EXERCISE REQUIREMENTS
A faithful copy of each entry below is expected, with the images removed.
/---
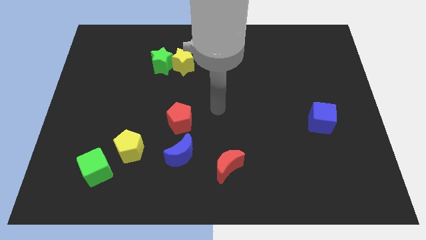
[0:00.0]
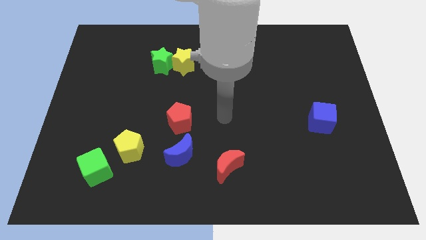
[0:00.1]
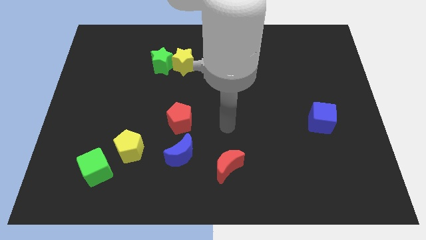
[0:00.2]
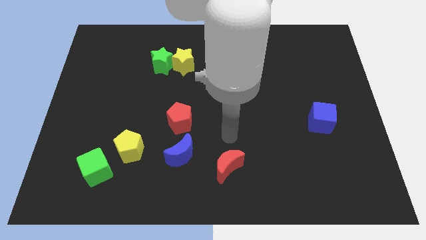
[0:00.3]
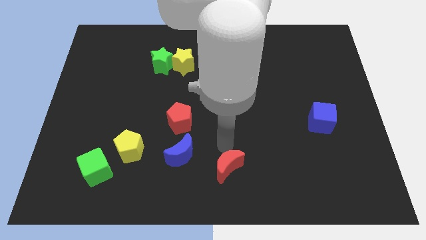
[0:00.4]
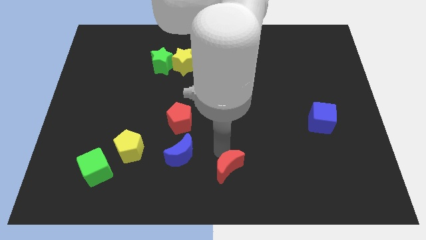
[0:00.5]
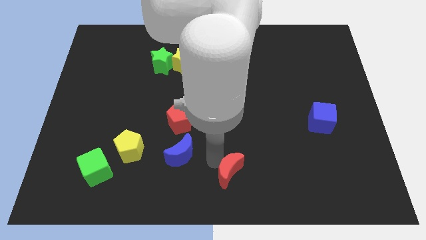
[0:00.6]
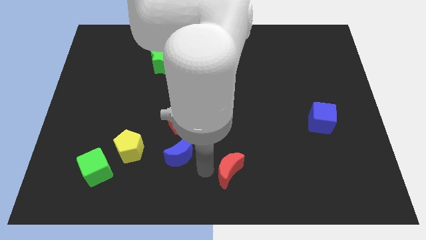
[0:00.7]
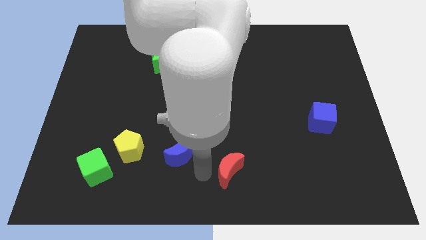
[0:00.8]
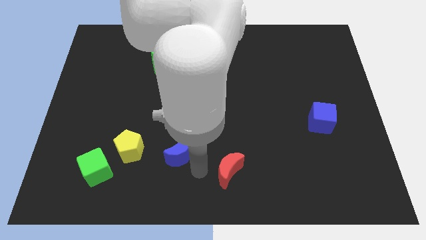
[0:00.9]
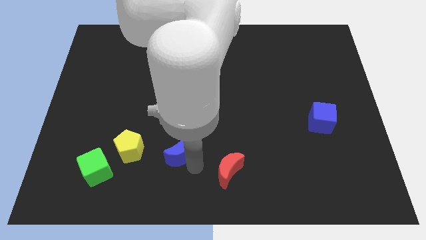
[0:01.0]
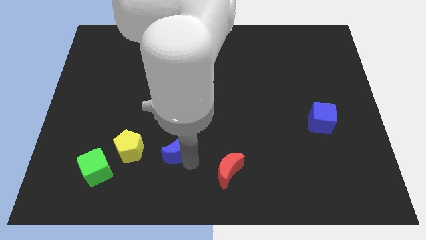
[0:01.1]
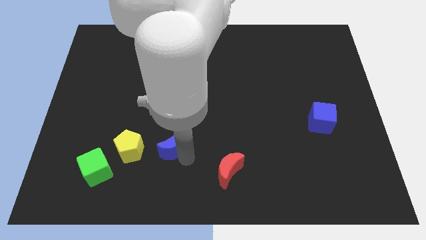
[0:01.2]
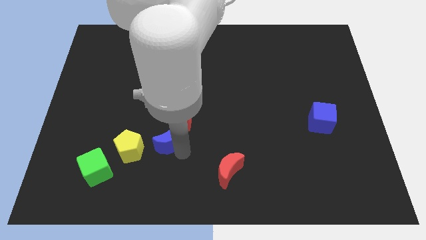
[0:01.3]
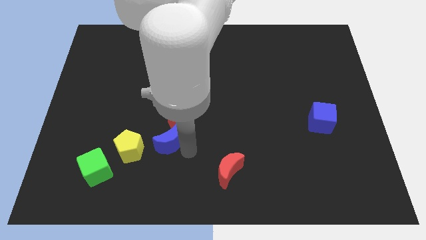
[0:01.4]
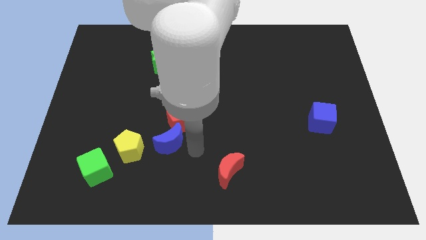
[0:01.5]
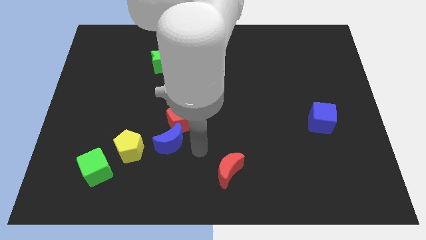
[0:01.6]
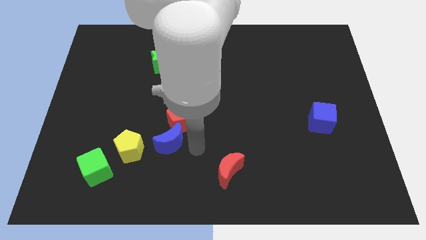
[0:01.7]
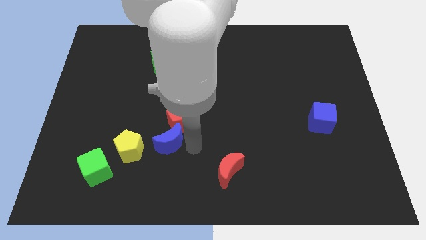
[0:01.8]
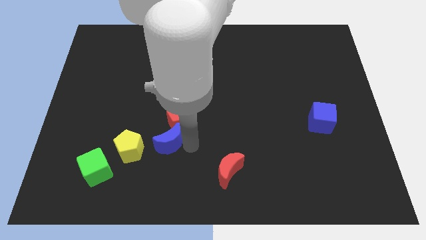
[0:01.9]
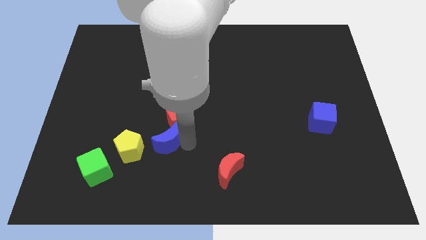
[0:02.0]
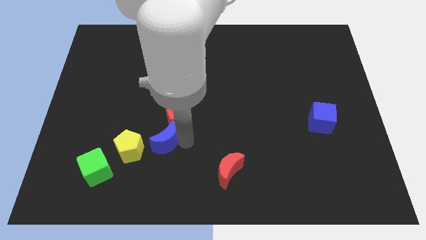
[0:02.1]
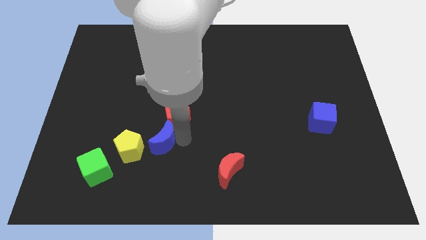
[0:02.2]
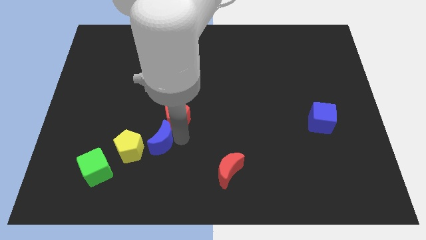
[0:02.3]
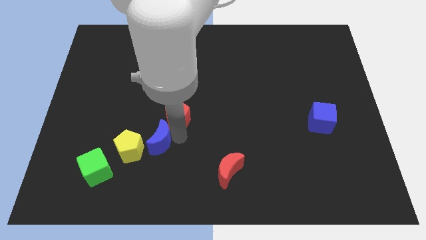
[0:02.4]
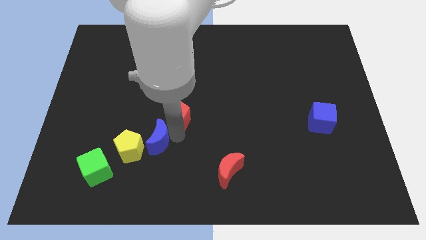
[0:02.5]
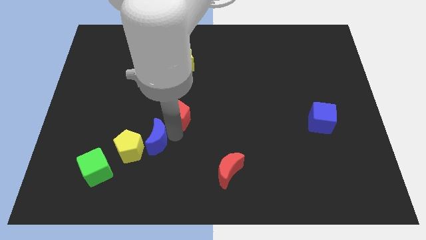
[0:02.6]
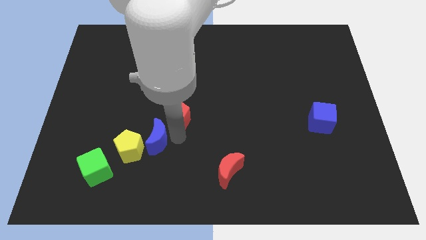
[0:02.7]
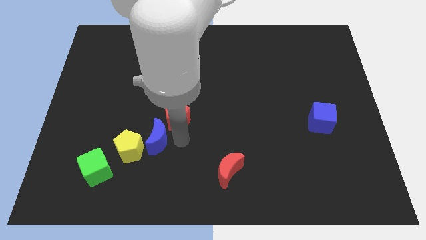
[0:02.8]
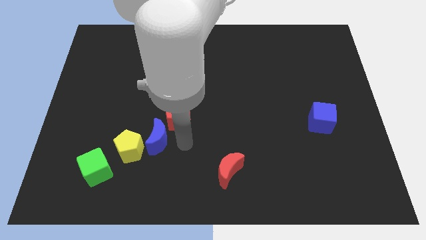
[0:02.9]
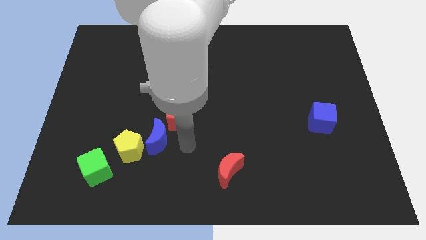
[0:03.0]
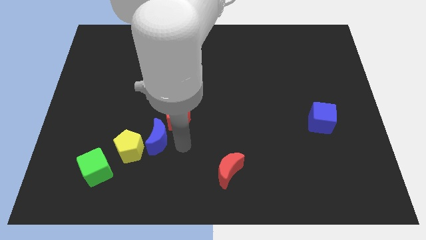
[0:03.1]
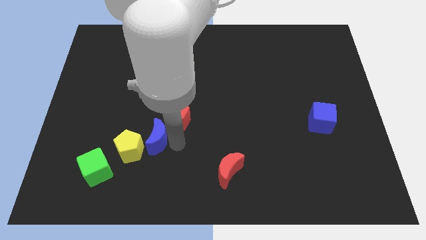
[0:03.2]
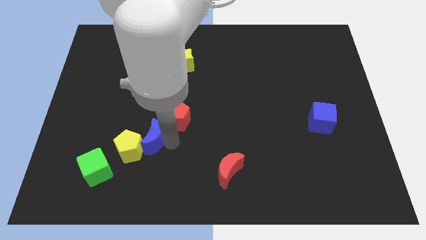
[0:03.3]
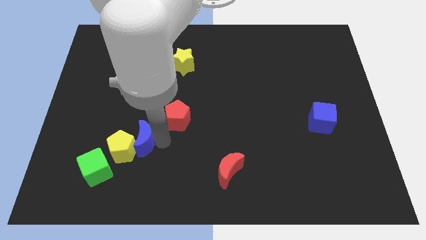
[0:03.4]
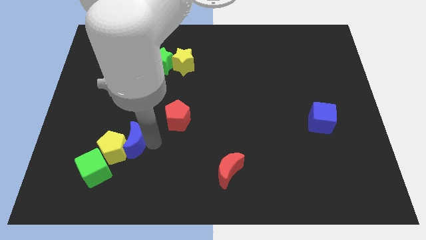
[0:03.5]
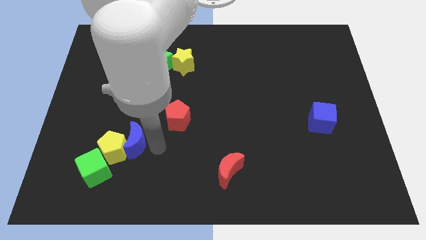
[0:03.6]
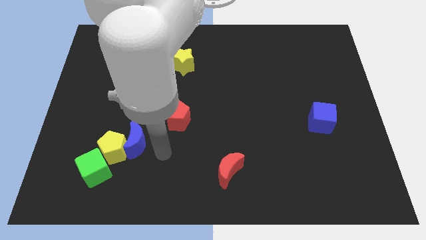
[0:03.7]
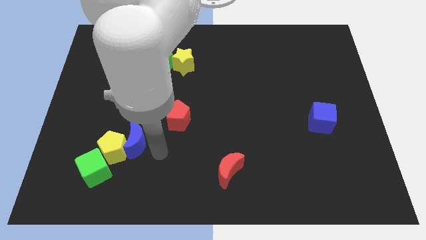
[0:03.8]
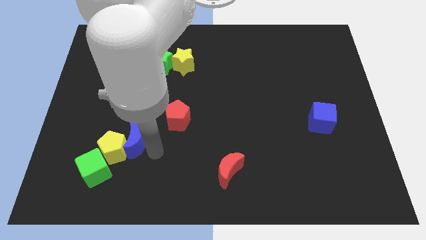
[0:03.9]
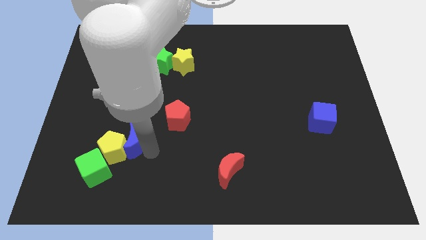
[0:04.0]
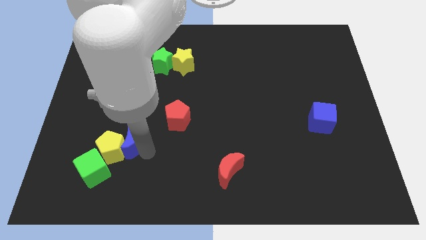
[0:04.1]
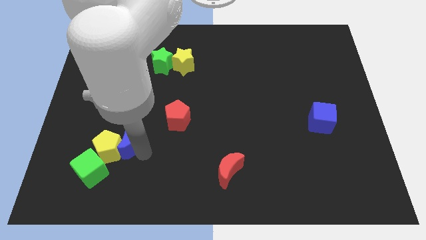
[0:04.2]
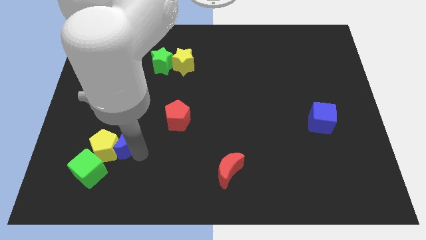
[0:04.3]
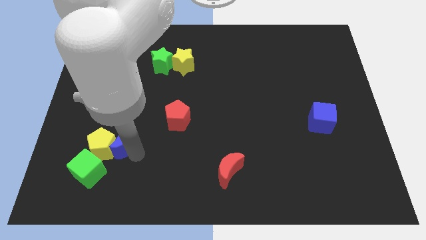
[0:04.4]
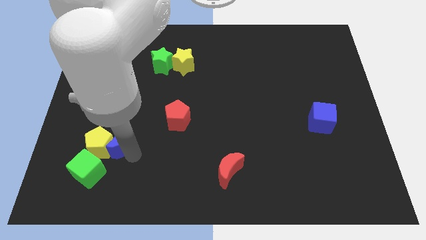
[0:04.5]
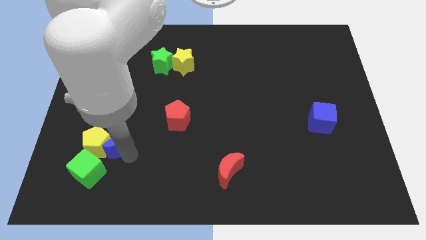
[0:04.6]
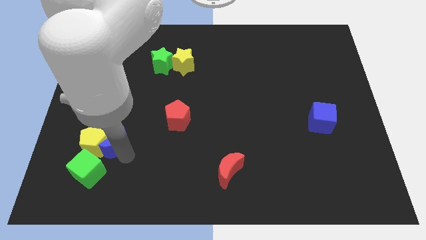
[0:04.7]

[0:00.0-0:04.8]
put the blue moon above the green cube
\---
RESPONSE
[0:00.0]
[0:00.1]
[0:00.2]
[0:00.3]
[0:00.4]
[0:00.5]
[0:00.6]
[0:00.7]
[0:00.8]
[0:00.9]
[0:01.0]
[0:01.1]
[0:01.2]
[0:01.3]
[0:01.4]
[0:01.5]
[0:01.6]
[0:01.7]
[0:01.8]
[0:01.9]
[0:02.0]
[0:02.1]
[0:02.2]
[0:02.3]
[0:02.4]
[0:02.5]
[0:02.6]
[0:02.7]
[0:02.8]
[0:02.9]
[0:03.0]
[0:03.1]
[0:03.2]
[0:03.3]
[0:03.4]
[0:03.5]
[0:03.6]
[0:03.7]
[0:03.8]
[0:03.9]
[0:04.0]
[0:04.1]
[0:04.2]
[0:04.3]
[0:04.4]
[0:04.5]
[0:04.6]
[0:04.7]

[0:00.0-0:04.8]
put the blue moon above the green cube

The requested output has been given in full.